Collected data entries
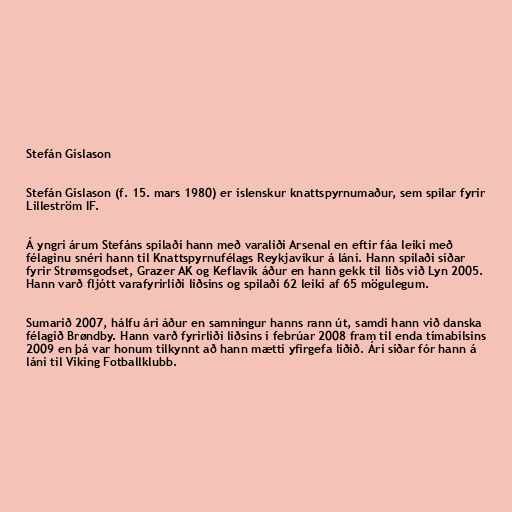
Stefán Gíslason

Stefán Gíslason (f. 15. mars 1980) er íslenskur knattspyrnumaður, sem spilar fyrir
Lilleström IF.

Á yngri árum Stefáns spilaði hann með varaliði Arsenal en eftir fáa leiki með
félaginu snéri hann til Knattspyrnufélags Reykjavíkur á láni. Hann spilaði síðar
fyrir Strømsgodset, Grazer AK og Keflavík áður en hann gekk til liðs við Lyn 2005.
Hann varð fljótt varafyrirliði liðsins og spilaði 62 leiki af 65 mögulegum.

Sumarið 2007, hálfu ári áður en samningur hanns rann út, samdi hann við danska
félagið Brøndby. Hann varð fyrirliði liðsins í febrúar 2008 fram til enda tímabilsins
2009 en þá var honum tilkynnt að hann mætti yfirgefa liðið. Ári síðar fór hann á
láni til Viking Fotballklubb.
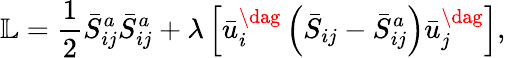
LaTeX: \mathbb{L}=\frac{1}{2}\bar{S}_{ij}^{a}\bar{S}_{ij}^{a}+\lambda\left[{\bar{u}_{i}^{\dag}\left({{{\bar{S}}_{ij}}-\bar{S}_{ij}^{a}}\right)\bar{u}_{j}^{\dag}}\right],
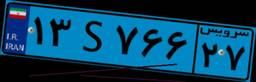
۲۱S۸۳۰۹۸
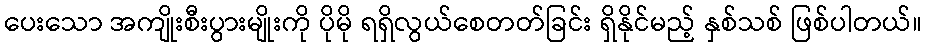
ပေးသော အကျိုးစီးပွားမျိုးကို ပိုမို ရရှိလွယ်စေတတ်ခြင်း ရှိနိုင်မည့် နှစ်သစ် ဖြစ်ပါတယ်။
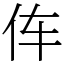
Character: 伡
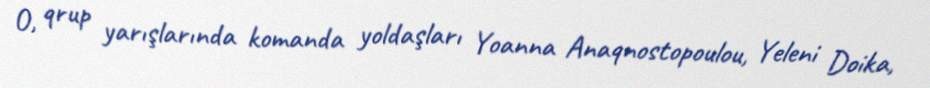
O, qrup yarışlarında komanda yoldaşları Yoanna Anaqnostopoulou, Yeleni Doika,
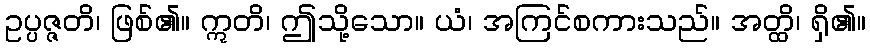
ဥပ္ပဇ္ဇတိ၊ ဖြစ်၏။ ဣတိ၊ ဤသို့သော။ ယံ၊ အကြင်စကားသည်။ အတ္ထိ၊ ရှိ၏။
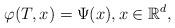
LaTeX: \begin{align*}\varphi(T, x) &= \Psi(x), x \in \mathbb{R}^d, \end{align*}
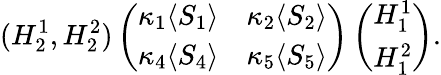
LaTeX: (H_{2}^{1},H_{2}^{2})\left(\begin{array}{cc}{{\kappa_{1}\langle S_{1}\rangle}}&{{\kappa_{2}\langle S_{2}\rangle}}\\ {{\kappa_{4}\langle S_{4}\rangle}}&{{\kappa_{5}\langle S_{5}\rangle}}\end{array}\right)\left(\begin{array}{c}{{H_{1}^{1}}}\\ {{H_{1}^{2}}}\end{array}\right).
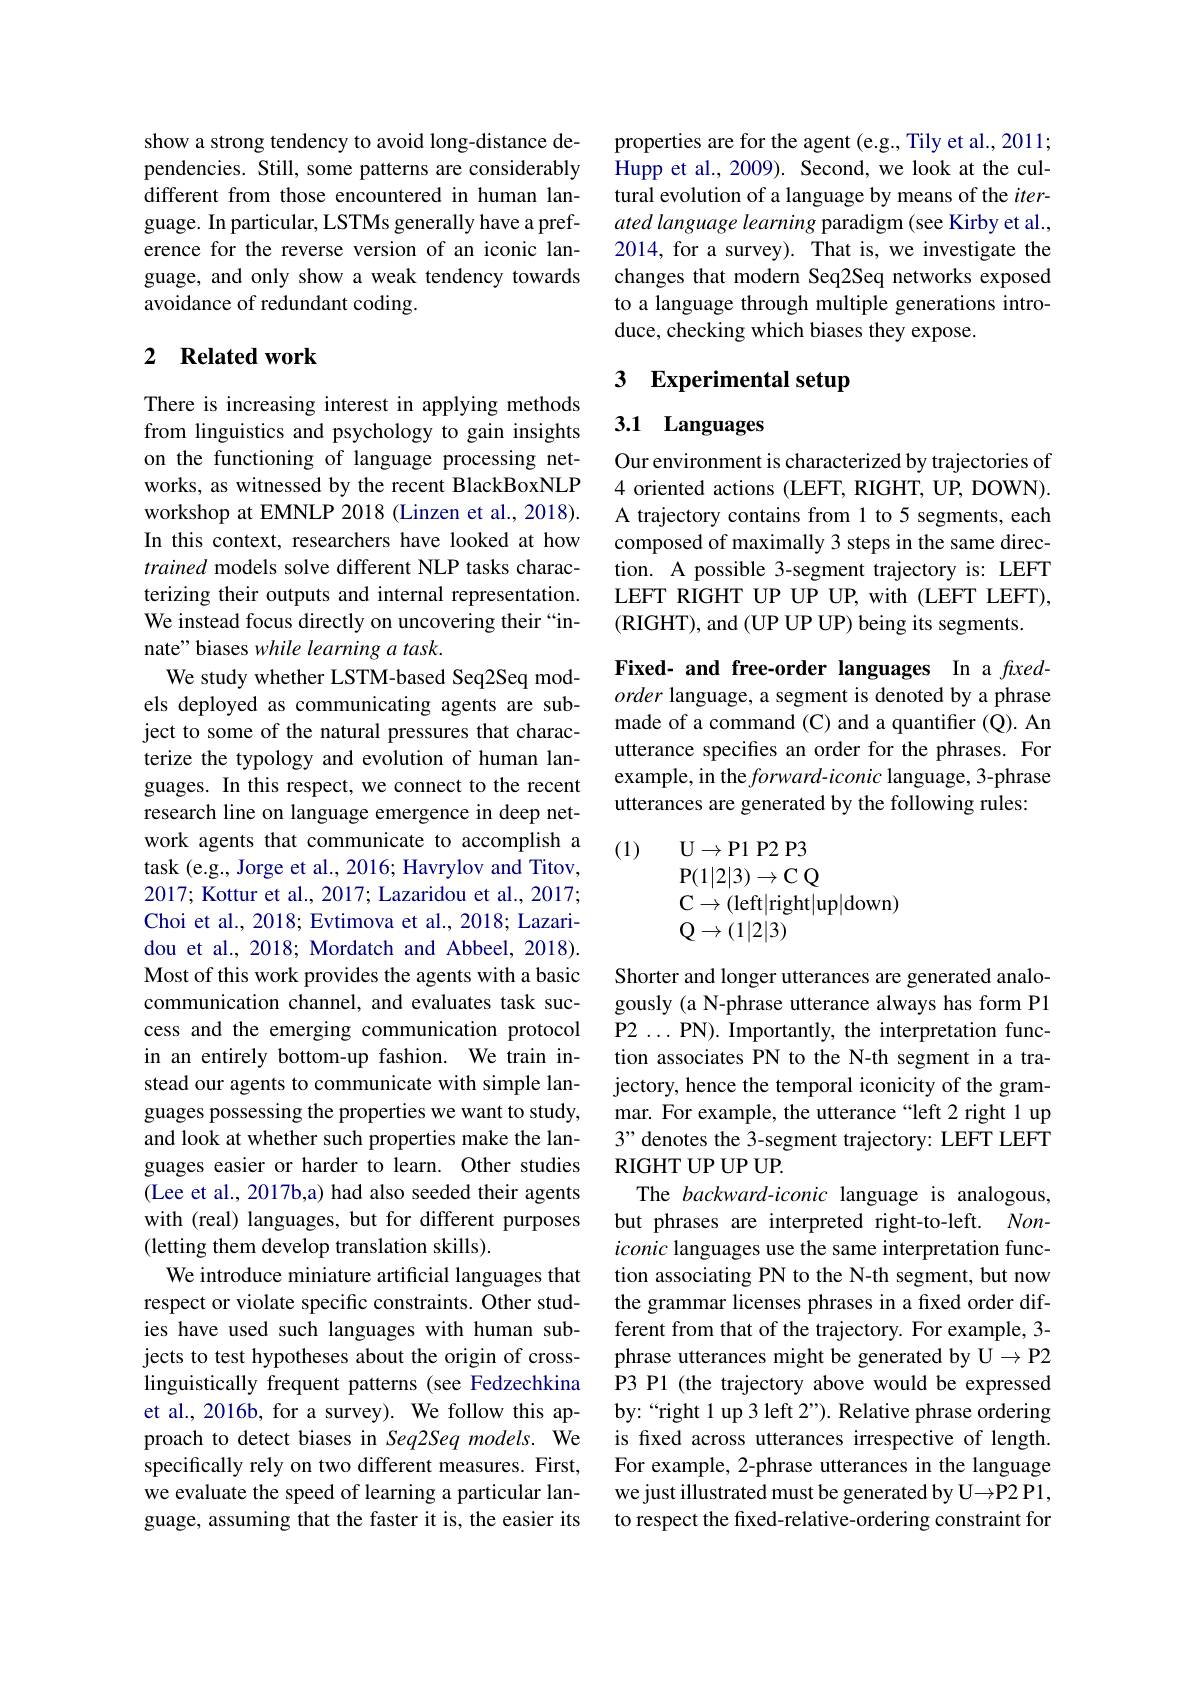
show a strong tendency to avoid long-distance dependencies. Still, some patterns are considerably different from those encountered in human language. In particular, LSTMs generally have a preference for the reverse version of an iconic language, and only show a weak tendency towards avoidance of redundant coding.

## 2 Related work

There is increasing interest in applying methods from linguistics and psychology to gain insights on the functioning of language processing networks, as witnessed by the recent BlackBoxNLP workshop at EMNLP 2018 (Linzen et al., 2018). In this context, researchers have looked at how trained models solve different NLP tasks characterizing their outputs and internal representation. We instead focus directly on uncovering their “innate" biases while learning a task.
We study whether LSTM-based Seq2Seq models deployed as communicating agents are subject to some of the natural pressures that characterize the typology and evolution of human languages. In this respect, we connect to the recent research line on language emergence in deep network agents that communicate to accomplish a task (e.g., Jorge et al., 2016; Havrylov and Titov, 2017; Kottur et al., 2017; Lazaridou et al., 2017; Choi et al., 2018; Evtimova et al., 2018; Lazaridou et al., 2018; Mordatch and Abbeel, 2018). Most of this work provides the agents with a basic communication channel, and evaluates task success and the emerging communication protocol in an entirely bottom-up fashion. We train instead our agents to communicate with simple languages possessing the properties we want to study, and look at whether such properties make the languages easier or harder to learn. Other studies (Lee et al., 2017b,a) had also seeded their agents with (real) languages, but for different purposes (letting them develop translation skills).
We introduce miniature artificial languages that respect or violate specific constraints. Other studies have used such languages with human subjects to test hypotheses about the origin of crosslinguistically frequent patterns (see Fedzechkina et al., 2016b, for a survey). We follow this approach to detect biases in Seq2Seq models. We specifically rely on two different measures. First, we evaluate the speed of learning a particular language, assuming that the faster it is, the easier its

properties are for the agent (e.g., Tily et al., 2011; Hupp et al., 2009). Second, we look at the cultural evolution of a language by means of the $iter-$ ated language learning paradigm (see Kirby et al., 2014, for a survey). That is, we investigate the changes that modern Seq2Seq networks exposed to a language through multiple generations introduce, checking which biases they expose.

# 3 Experimental setup

# 3.1 Languages

Our environment is characterized by trajectories of 4 oriented actions (LEFT, RIGHT, UP, DOWN). A trajectory contains from 1 to 5 segments, each composed of maximally 3 steps in the same direction. A possible 3-segment trajectory is: LEFT LEFT RIGHT UP UP UP, with (LEFT LEFT), (RIGHT), and (UP UP UP) being its segments.

Fixed- and free-order languages In a fixedorder language, a segment is denoted by a phrase made of a command (C) and a quantifier (Q). An utterance specifies an order for the phrases. For example, in the forward-iconic language, 3-phrase utterances are generated by the following rules:

(1)
$$\begin{aligned}&\mathrm{U}\to\mathrm{P1~P2~P3}\\&\mathrm{P}(1|2|3)\to\mathrm{C~Q}\\&\mathrm{C}\to(\mathrm{left}|\mathrm{right}|\mathrm{up}|\mathrm{down})\\&\mathrm{Q}\to(1|2|3)\end{aligned}$$
Shorter and longer utterances are generated analogously (a N-phrase utterance always has form P1 P2...PN).Importantly, the interpretation function associates PN to the N-th segment in a trajectory, hence the temporal iconicity of the grammar. For example, the utterance“left 2 right 1 up 3" denotes the 3-segment trajectory: LEFT LEFT RIGHT UP UP UP.
The backward-iconic language is analogous, but phrases are interpreted right-to-left. Noniconic languages use the same interpretation function associating PN to the N-th segment, but now the grammar licenses phrases in a fixed order different from that of the trajectory. For example, 3- phrase utterances might be generated by U P2 P3 P1 (the trajectory above would be expressed by: “right 1 up 3 left 2”). Relative phrase ordering is fixed across utterances irrespective of length. For example, 2-phrase utterances in the language we just illustrated must be generated by U P2 P1, to respect the fixed-relative-ordering constraint for

### PROBLEM DESCRIPTION
Restate each entry word for word. Omit every picture.

### SOLUTION TO THIS TASK
Stefán Gíslason

Stefán Gíslason (f. 15. mars 1980) er íslenskur knattspyrnumaður, sem spilar fyrir
Lilleström IF.

Á yngri árum Stefáns spilaði hann með varaliði Arsenal en eftir fáa leiki með
félaginu snéri hann til Knattspyrnufélags Reykjavíkur á láni. Hann spilaði síðar
fyrir Strømsgodset, Grazer AK og Keflavík áður en hann gekk til liðs við Lyn 2005.
Hann varð fljótt varafyrirliði liðsins og spilaði 62 leiki af 65 mögulegum.

Sumarið 2007, hálfu ári áður en samningur hanns rann út, samdi hann við danska
félagið Brøndby. Hann varð fyrirliði liðsins í febrúar 2008 fram til enda tímabilsins
2009 en þá var honum tilkynnt að hann mætti yfirgefa liðið. Ári síðar fór hann á
láni til Viking Fotballklubb.
LaTeX: \mathbb{L}=\frac{1}{2}\bar{S}_{ij}^{a}\bar{S}_{ij}^{a}+\lambda\left[{\bar{u}_{i}^{\dag}\left({{{\bar{S}}_{ij}}-\bar{S}_{ij}^{a}}\right)\bar{u}_{j}^{\dag}}\right],
۲۱S۸۳۰۹۸
ပေးသော အကျိုးစီးပွားမျိုးကို ပိုမို ရရှိလွယ်စေတတ်ခြင်း ရှိနိုင်မည့် နှစ်သစ် ဖြစ်ပါတယ်။
Character: 伡
O, qrup yarışlarında komanda yoldaşları Yoanna Anaqnostopoulou, Yeleni Doika,
ဥပ္ပဇ္ဇတိ၊ ဖြစ်၏။ ဣတိ၊ ဤသို့သော။ ယံ၊ အကြင်စကားသည်။ အတ္ထိ၊ ရှိ၏။
LaTeX: \begin{align*}\varphi(T, x) &= \Psi(x), x \in \mathbb{R}^d, \end{align*}
LaTeX: (H_{2}^{1},H_{2}^{2})\left(\begin{array}{cc}{{\kappa_{1}\langle S_{1}\rangle}}&{{\kappa_{2}\langle S_{2}\rangle}}\\ {{\kappa_{4}\langle S_{4}\rangle}}&{{\kappa_{5}\langle S_{5}\rangle}}\end{array}\right)\left(\begin{array}{c}{{H_{1}^{1}}}\\ {{H_{1}^{2}}}\end{array}\right).
show a strong tendency to avoid long-distance dependencies. Still, some patterns are considerably different from those encountered in human language. In particular, LSTMs generally have a preference for the reverse version of an iconic language, and only show a weak tendency towards avoidance of redundant coding.

## 2 Related work

There is increasing interest in applying methods from linguistics and psychology to gain insights on the functioning of language processing networks, as witnessed by the recent BlackBoxNLP workshop at EMNLP 2018 (Linzen et al., 2018). In this context, researchers have looked at how trained models solve different NLP tasks characterizing their outputs and internal representation. We instead focus directly on uncovering their “innate" biases while learning a task.
We study whether LSTM-based Seq2Seq models deployed as communicating agents are subject to some of the natural pressures that characterize the typology and evolution of human languages. In this respect, we connect to the recent research line on language emergence in deep network agents that communicate to accomplish a task (e.g., Jorge et al., 2016; Havrylov and Titov, 2017; Kottur et al., 2017; Lazaridou et al., 2017; Choi et al., 2018; Evtimova et al., 2018; Lazaridou et al., 2018; Mordatch and Abbeel, 2018). Most of this work provides the agents with a basic communication channel, and evaluates task success and the emerging communication protocol in an entirely bottom-up fashion. We train instead our agents to communicate with simple languages possessing the properties we want to study, and look at whether such properties make the languages easier or harder to learn. Other studies (Lee et al., 2017b,a) had also seeded their agents with (real) languages, but for different purposes (letting them develop translation skills).
We introduce miniature artificial languages that respect or violate specific constraints. Other studies have used such languages with human subjects to test hypotheses about the origin of crosslinguistically frequent patterns (see Fedzechkina et al., 2016b, for a survey). We follow this approach to detect biases in Seq2Seq models. We specifically rely on two different measures. First, we evaluate the speed of learning a particular language, assuming that the faster it is, the easier its

properties are for the agent (e.g., Tily et al., 2011; Hupp et al., 2009). Second, we look at the cultural evolution of a language by means of the $iter-$ ated language learning paradigm (see Kirby et al., 2014, for a survey). That is, we investigate the changes that modern Seq2Seq networks exposed to a language through multiple generations introduce, checking which biases they expose.

# 3 Experimental setup

# 3.1 Languages

Our environment is characterized by trajectories of 4 oriented actions (LEFT, RIGHT, UP, DOWN). A trajectory contains from 1 to 5 segments, each composed of maximally 3 steps in the same direction. A possible 3-segment trajectory is: LEFT LEFT RIGHT UP UP UP, with (LEFT LEFT), (RIGHT), and (UP UP UP) being its segments.

Fixed- and free-order languages In a fixedorder language, a segment is denoted by a phrase made of a command (C) and a quantifier (Q). An utterance specifies an order for the phrases. For example, in the forward-iconic language, 3-phrase utterances are generated by the following rules:

(1)
$$\begin{aligned}&\mathrm{U}\to\mathrm{P1~P2~P3}\\&\mathrm{P}(1|2|3)\to\mathrm{C~Q}\\&\mathrm{C}\to(\mathrm{left}|\mathrm{right}|\mathrm{up}|\mathrm{down})\\&\mathrm{Q}\to(1|2|3)\end{aligned}$$
Shorter and longer utterances are generated analogously (a N-phrase utterance always has form P1 P2...PN).Importantly, the interpretation function associates PN to the N-th segment in a trajectory, hence the temporal iconicity of the grammar. For example, the utterance“left 2 right 1 up 3" denotes the 3-segment trajectory: LEFT LEFT RIGHT UP UP UP.
The backward-iconic language is analogous, but phrases are interpreted right-to-left. Noniconic languages use the same interpretation function associating PN to the N-th segment, but now the grammar licenses phrases in a fixed order different from that of the trajectory. For example, 3- phrase utterances might be generated by U P2 P3 P1 (the trajectory above would be expressed by: “right 1 up 3 left 2”). Relative phrase ordering is fixed across utterances irrespective of length. For example, 2-phrase utterances in the language we just illustrated must be generated by U P2 P1, to respect the fixed-relative-ordering constraint for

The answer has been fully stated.